Captain JIM BJOSTAD (US Coast Guard): Well, sir, they tell me a number of stories. First, they're holding up very well. These are the finest professionals that I've ever had the privilege to work with. They are saving people right and left. They're chopping their way through roofs to get to people that are trapped. They're finding elderly folks that have been holed up in their houses for four days and have nothing but a cell phone, and they're actually helping us find them by telling us to look for a big flag next to a Dunkin' Donuts sign. And then we can vector a helicopter in to them and they come outside and they wave to us.

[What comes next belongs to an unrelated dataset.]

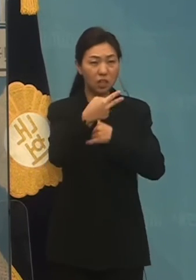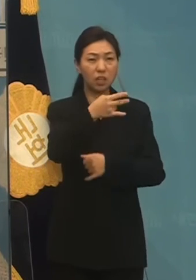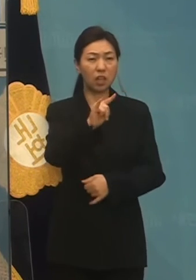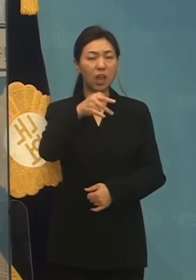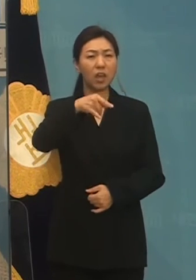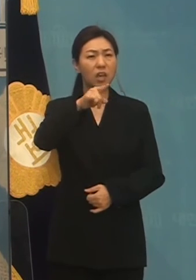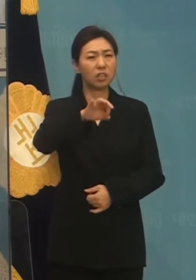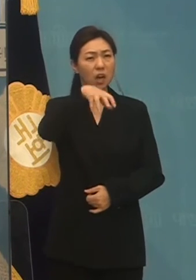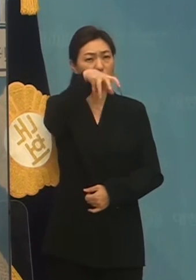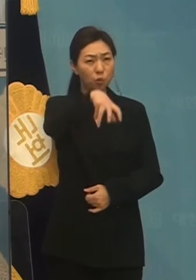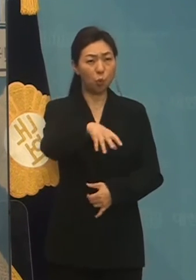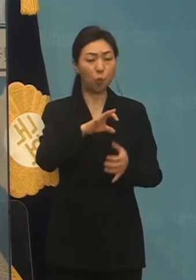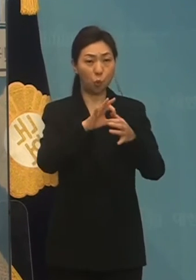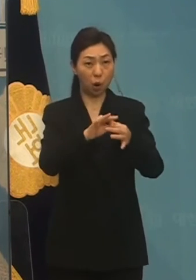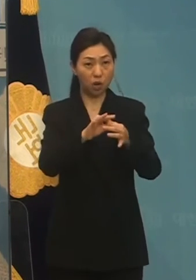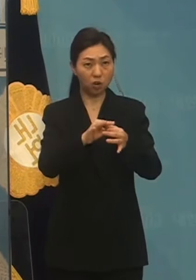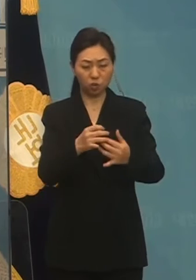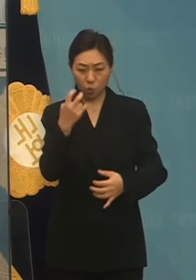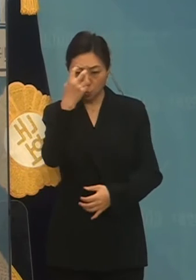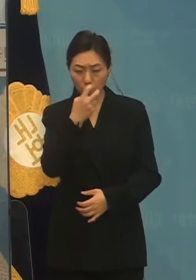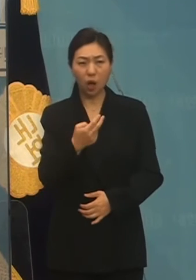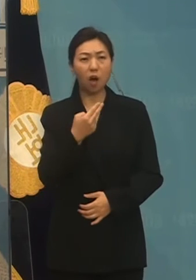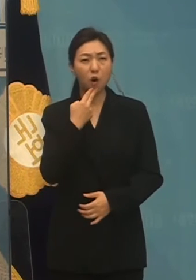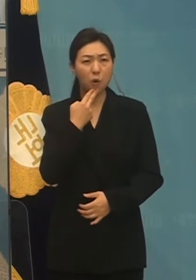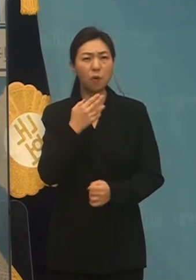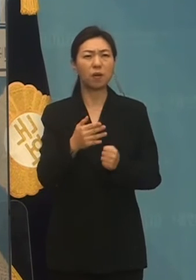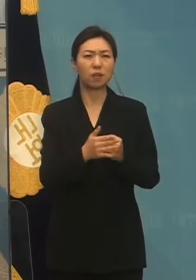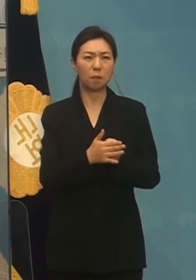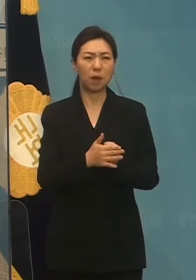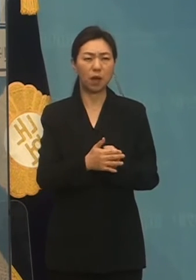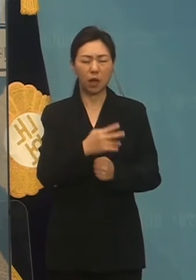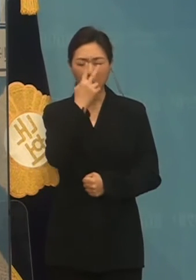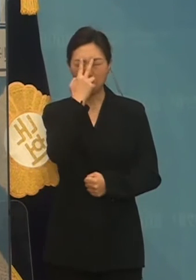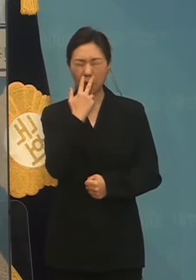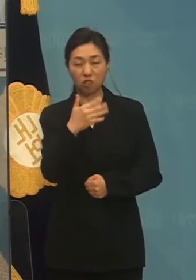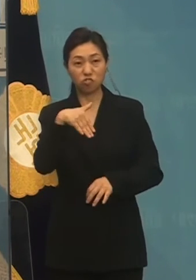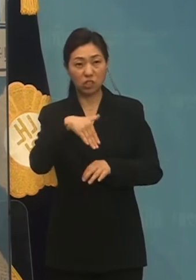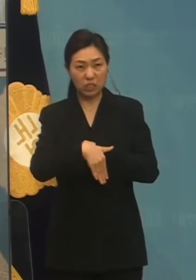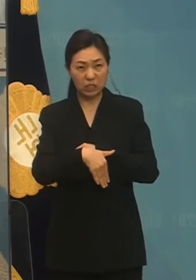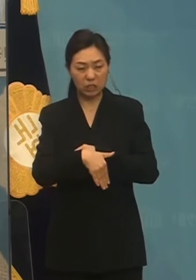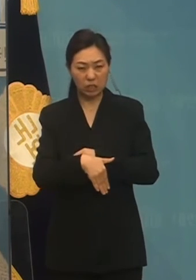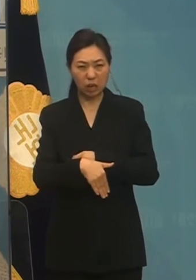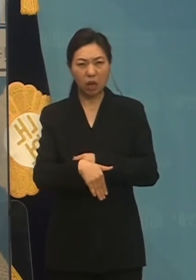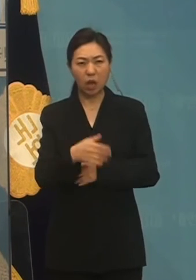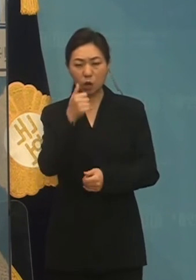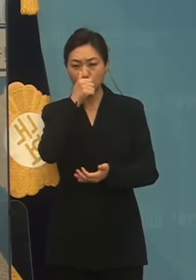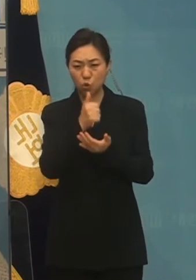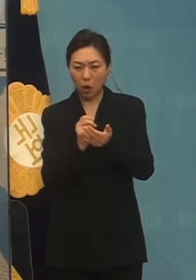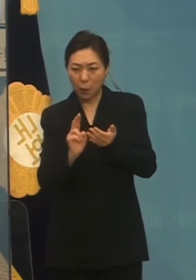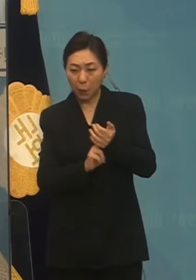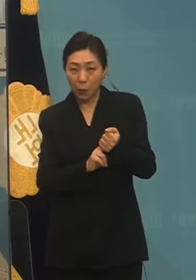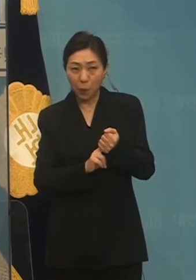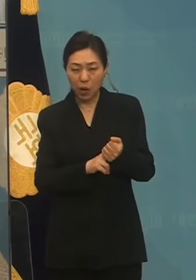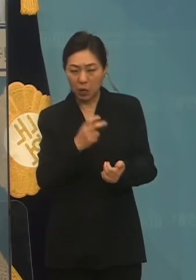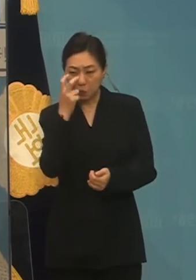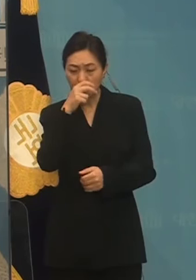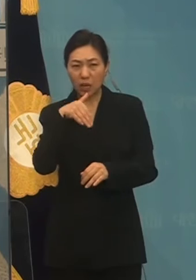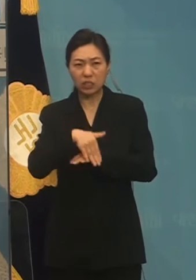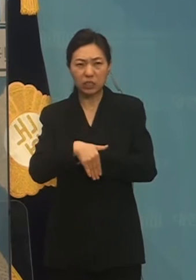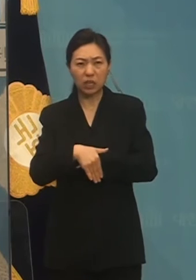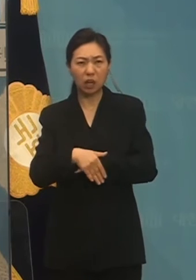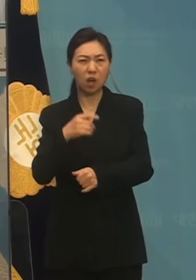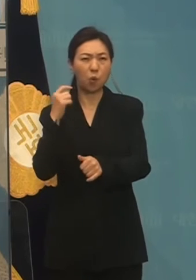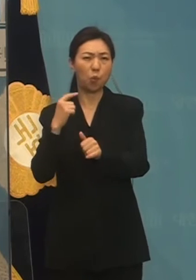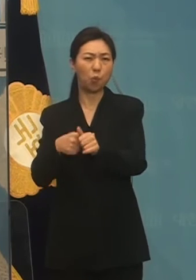제대로 수사를 하지 않았기 때문에 하중의 수사, 은폐수사 의혹이 제기되고 있는 것입니다. 윤모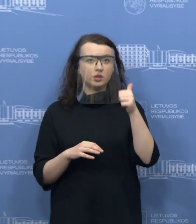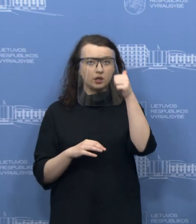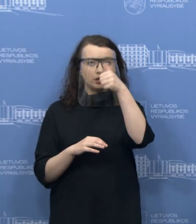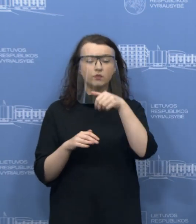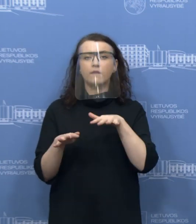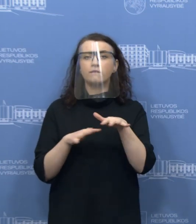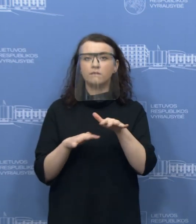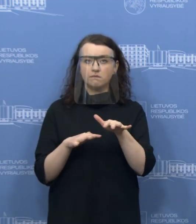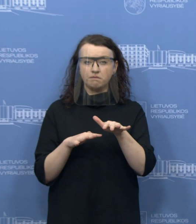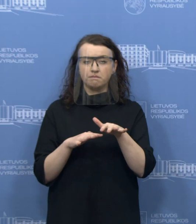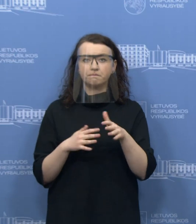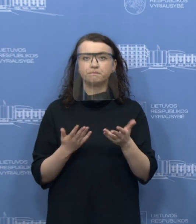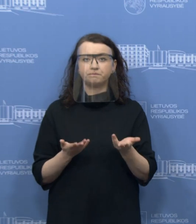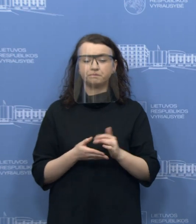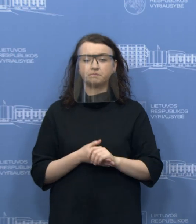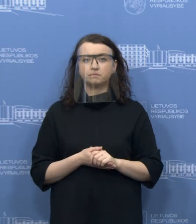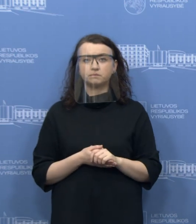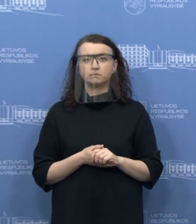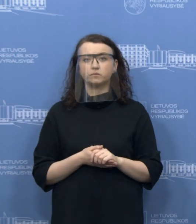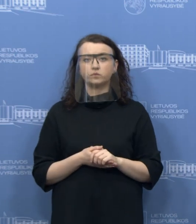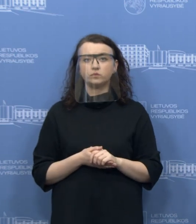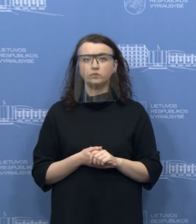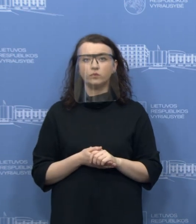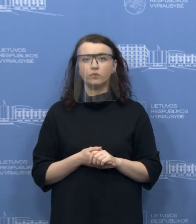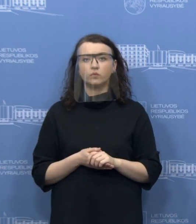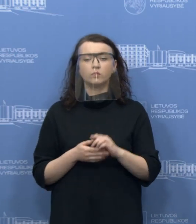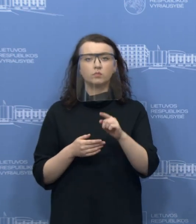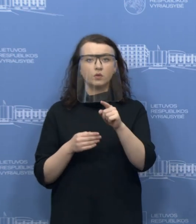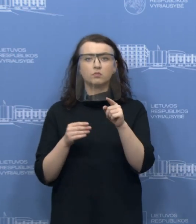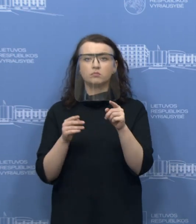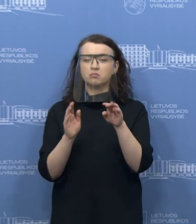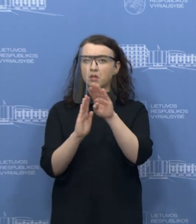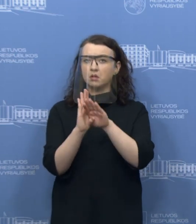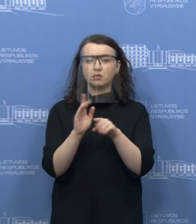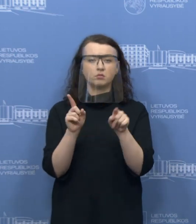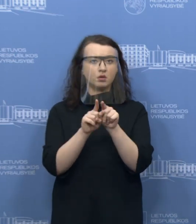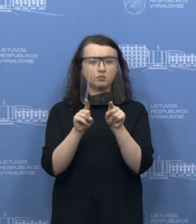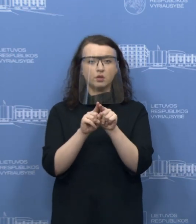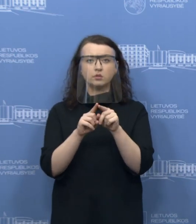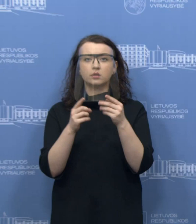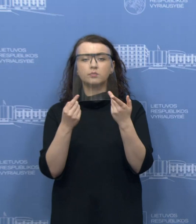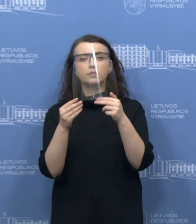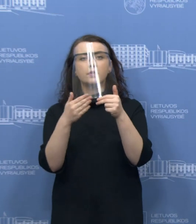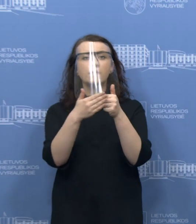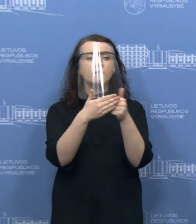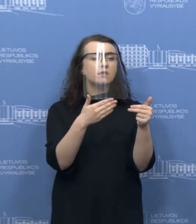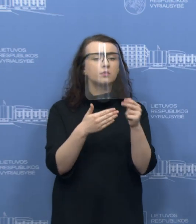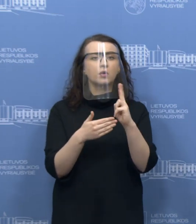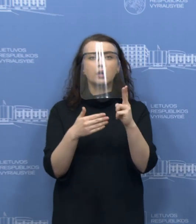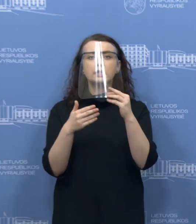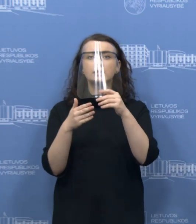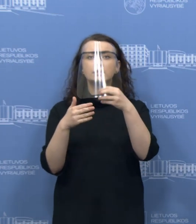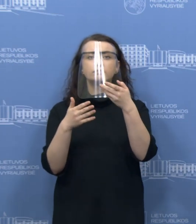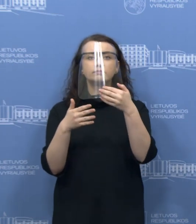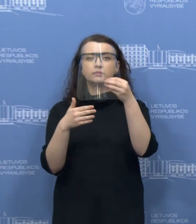vykdo būtent tokia veikla, kokia yra įtraukta į šį sąrašą, jiems galioja tokios pačios taisyklės, kaip ir įmonėms esančioms sąraše.

SIEGEL: When you spoke to me on Monday, the Coast Guard had already, I think, rescued about a hundred people and you had had a list of 200 addresses that you were trying to pinpoint and get to. Do you still have a list, and how many addresses are there on that list that you still have to get to?

Capt. BJOSTAD: Well, since we spoke this operation here has expanded exponentially. I don't know how many there are. I know that I have people working 24 hours a day to receive phone calls, to receive information from any source possible and frequently it's phone calls from family that are receiving phone calls around the country from people that are trapped.

SIEGEL: The first time that we spoke this week you said that after the rescue mission, beyond that the Coast Guard's mission was to clear up the shipping channels along the coast so that commerce could resume. Is there any progress on that front at all, or has that all been really put on hold while you deal with the rescue operation?

Capt. BJOSTAD: Well, actually there's been substantial progress. And while we have to--the primary mission of search and rescue, which is always the Coast Guard's primary mission, we also have plenty of boats and boat operators that we put out to survey the channels. I expect to have the Port of Mobile fully functional by close of business tomorrow, and should have the Intracoastal Waterway from New Orleans all the way to Carrabelle, Florida, open probably by tomorrow, certainly no later than Sunday. Gulfport was absolutely hammered. Pascagoula took a major hit as well, but we believe we may have them open by early next week, which is essential because there's major industry there, including a refinery that supplies a great deal of gasoline to Alabama and the Florida Panhandle.

SIEGEL: Mississippi is in your patch. There--I mean, if there are people who are still stranded, is the main problem figuring out where they are, the numbers of them merely or the inability to get the helicopters down on the ground near them?

Capt. BJOSTAD: In coastal Mississippi, for the most part, most people are not cut off and have probably been reached by ground crews, certainly by today. The one--and this is coastal Mississippi; I can't speak to interior Mississippi. But there's also still individual small groups in individual houses that have some water around them but they're still able to stay inside, and we're still looking for them as they call in.

SIEGEL: Do your crews come back and describe finding dead bodies in buildings where they've done searches?

Capt. BJOSTAD: Yes, sir.

SIEGEL: This is--is it commonly or--I mean is it...

Capt. BJOSTAD: I do know that a number of them have seen some people that are deceased. I know that it affects them because we're a humanitarian service. We like to save lives. That's what we do. That's why we suit up and go to work every day. But I tell them all the same thing. I say, you go over there, you do the best you can. You save all the lives that you can. Know that you are an American hero. And get some rest and we're going to send you back again until you tell me you can't do it anymore.

SIEGEL: That is Captain Jim Bjostad of the US Coast Guard in Mobile, Alabama, who was one of the Coast Guard officers who briefed President Bush there this morning.

Thank you very much for talking with us once again.

Capt. BJOSTAD: Thank you, Mr. Siegel.